After her second marriage to a London Anglican lawyer, John Frederic Winterbottom, she lived in Westminster. Wiseman became her friend and she became a source of money for his ideas, and after he died in 1865 she transferred her loyalty to Henry Edward Manning. When Winterbottom died she had a memorial chapel built for him at St Thomas' church in East Woodhay. The design may be by Pugin who was her favourite architect. She was involved with the plans for Westminster Cathedral and the building of the Lady Chapel was funded by Weld in memory of her son Gordon Samuel Weld who had been born in 1829 and who died in 1863. The cost was £11,000.
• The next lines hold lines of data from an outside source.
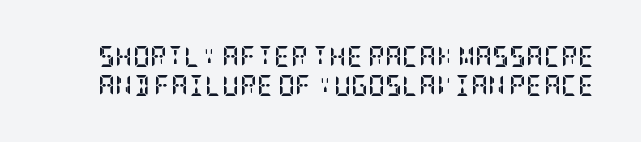
Every stem runs plumb, perpendicular to the baseline. The passage shown is not underscored anywhere. Spacing between characters is what you'd get straight out of the box. The rows are spaced the way most documents space them. The typesetting leans heavy: a genuine bold.
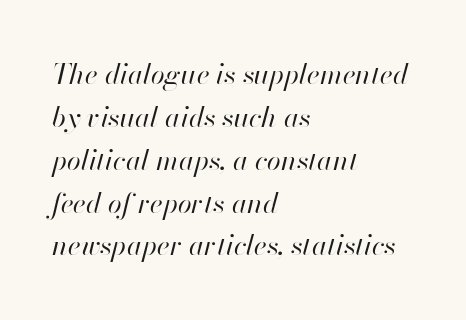
Compared with ordinary roman type, these characters are visibly tilted. Where is the straight margin? On the left. Is the letter spacing exaggerated? No — it looks like the ordinary default. Character widths vary here, with narrow letters taking less room than wide ones. Think standard paragraph weight, or any step lighter than that.
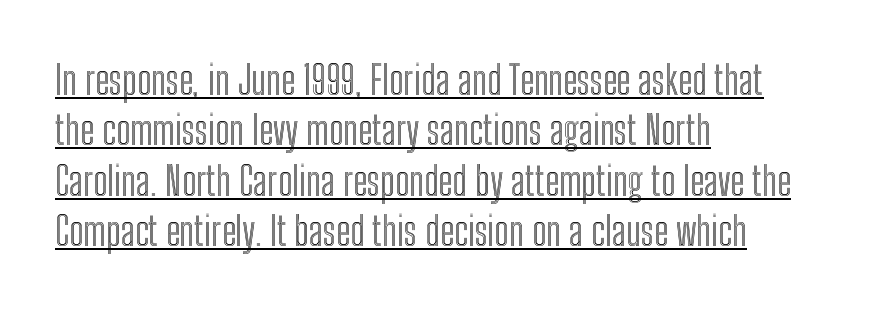
Q: Is the text italic (slanted)? A: No, it is upright.
Q: Is the text underlined? A: Yes.
Q: How is the paragraph aligned? A: Left-aligned.
Q: Is the spacing between letters normal or unusually wide? A: Normal.
Q: Is the spacing between lines tight, normal or loose? A: Normal.
Q: Width (condensed, normal, or wide)? A: Condensed.
Q: x-height? A: Medium.
Q: Monospaced? A: No.
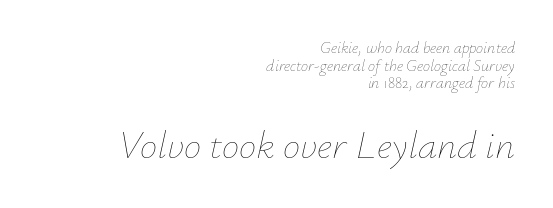
Q: Is the text bold? A: No.
Q: Is the text italic (slanted)? A: Yes, it leans right by about 12 degrees.
Q: Is the text underlined? A: No.
Q: How is the paragraph aligned? A: Right-aligned.
Q: Is the spacing between letters normal or unusually wide? A: Normal.
Q: Is the spacing between lines tight, normal or loose? A: Tight.
Q: Which block of text is set in a larger size, the first (top) or the second (bottom)? A: The second (bottom) one.
Q: Width (condensed, normal, or wide)? A: Normal.
Q: Stroke contrast? A: Low.
Q: x-height? A: Small.
Q: Monospaced? A: No.
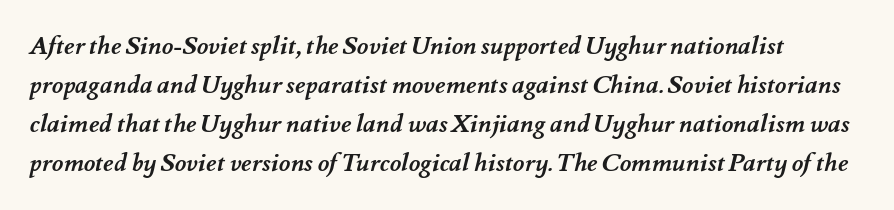
Q: Is the text bold? A: Yes.
Q: Is the text underlined? A: No.
Q: Is the spacing between letters normal or unusually wide? A: Normal.
Q: Is the spacing between lines tight, normal or loose? A: Normal.
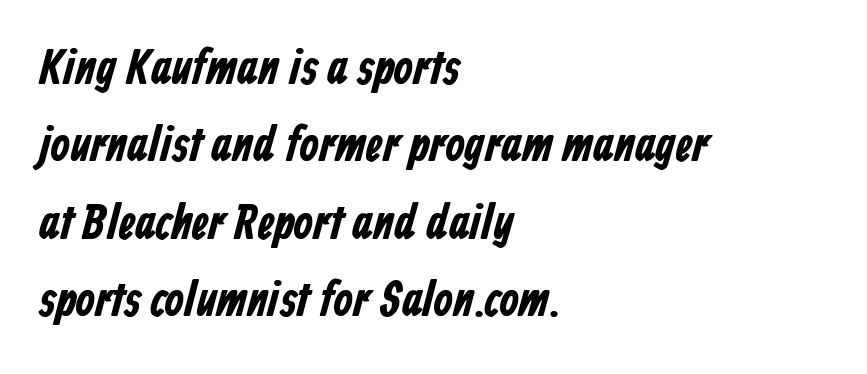
The image shows 50 px bold, condensed sans-serif type; set left-aligned, normal line spacing (1.55x), normal letter spacing, not underlined; low stroke contrast and a medium x-height.
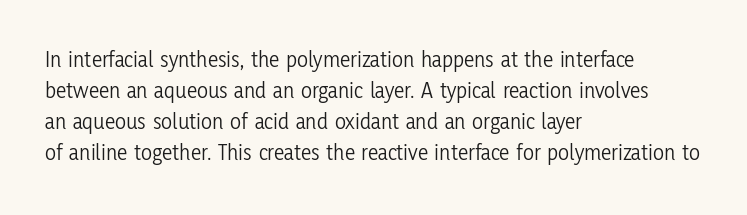
Q: Is the text bold? A: No.
Q: Is the text italic (slanted)? A: No, it is upright.
Q: Is the text underlined? A: No.
Q: How is the paragraph aligned? A: Left-aligned.
Q: Is the spacing between letters normal or unusually wide? A: Normal.
Q: Is the spacing between lines tight, normal or loose? A: Normal.
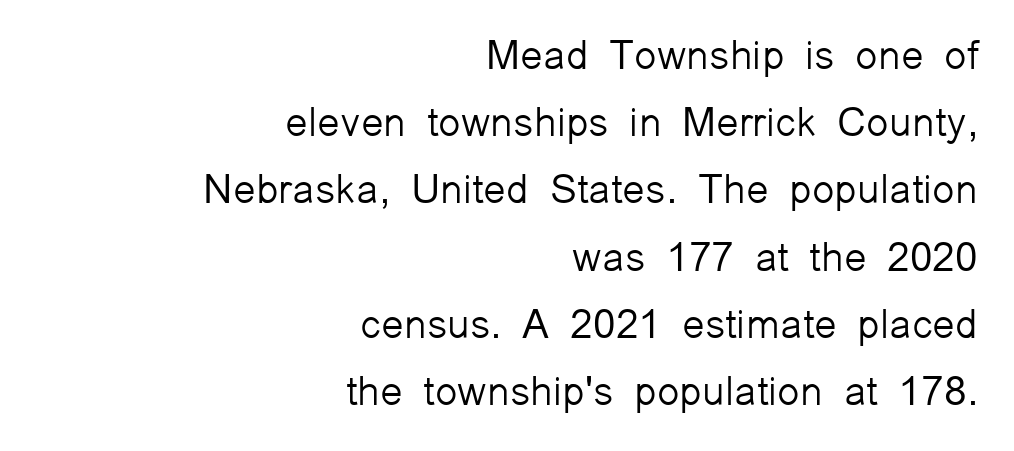
The image shows 41 px light sans-serif type, upright; set right-aligned, normal line spacing (1.64x), normal letter spacing, not underlined; low stroke contrast and a medium x-height.
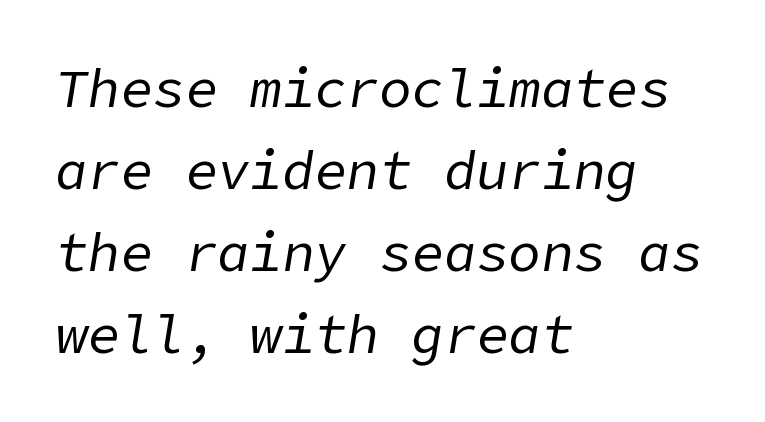
The image shows 54 px regular-weight type, italic (leaning right); set left-aligned, normal line spacing (1.52x), normal letter spacing, not underlined; low stroke contrast and a medium x-height.

Baroness Weld was also a patron of the St Georges, Marylebone and Catholic Lying-in Charity which was founded in 1842. The charity provided linen and then shillings to pregnant women with nowhere else to go.

==Death and legacies==
Weld died in Ostend in 1871. She left the large fortune to charity and she gave small annuities to her mother and her unmarried sister Elizabeth Matilda Gordon. Her mother and sister tried unsuccessfully to appeal the will. Her other sister Harriette was estranged from her husband who had abandoned her and his parish and she was suing him for separation. Harriet's husband used the court case about the will to establish a motive for her request for the marriage to be separated. This caused her to abandon the case.